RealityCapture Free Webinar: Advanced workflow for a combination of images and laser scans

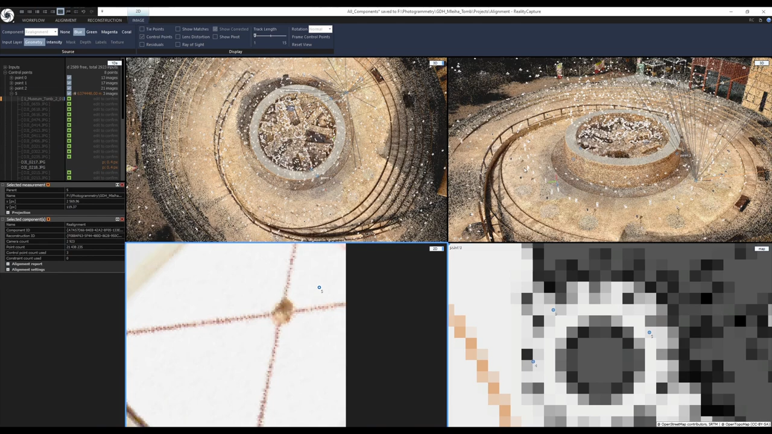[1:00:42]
the ground control points so but I guess we're lucky at this time so I can place it here
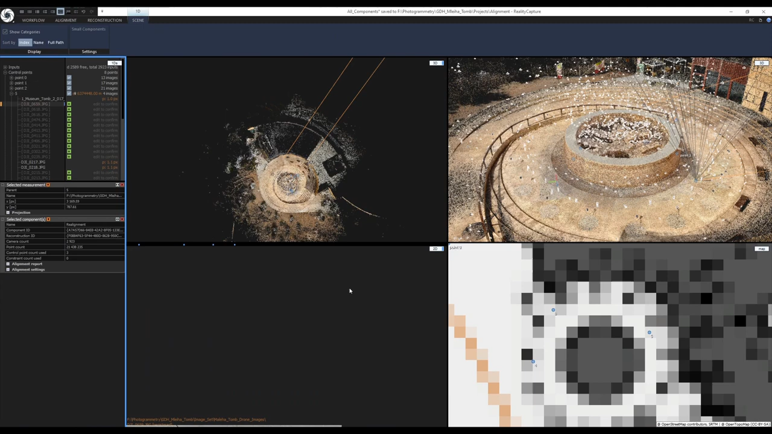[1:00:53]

———

» REQUIRED WORK: An exact copy of the listing is required, excluding any pictures.

» ANSWER BOX:
RealityCapture Free Webinar: Advanced workflow for a combination of images and laser scans

[1:00:42]
the ground control points so but I guess we're lucky at this time so I can place it here
[1:00:53]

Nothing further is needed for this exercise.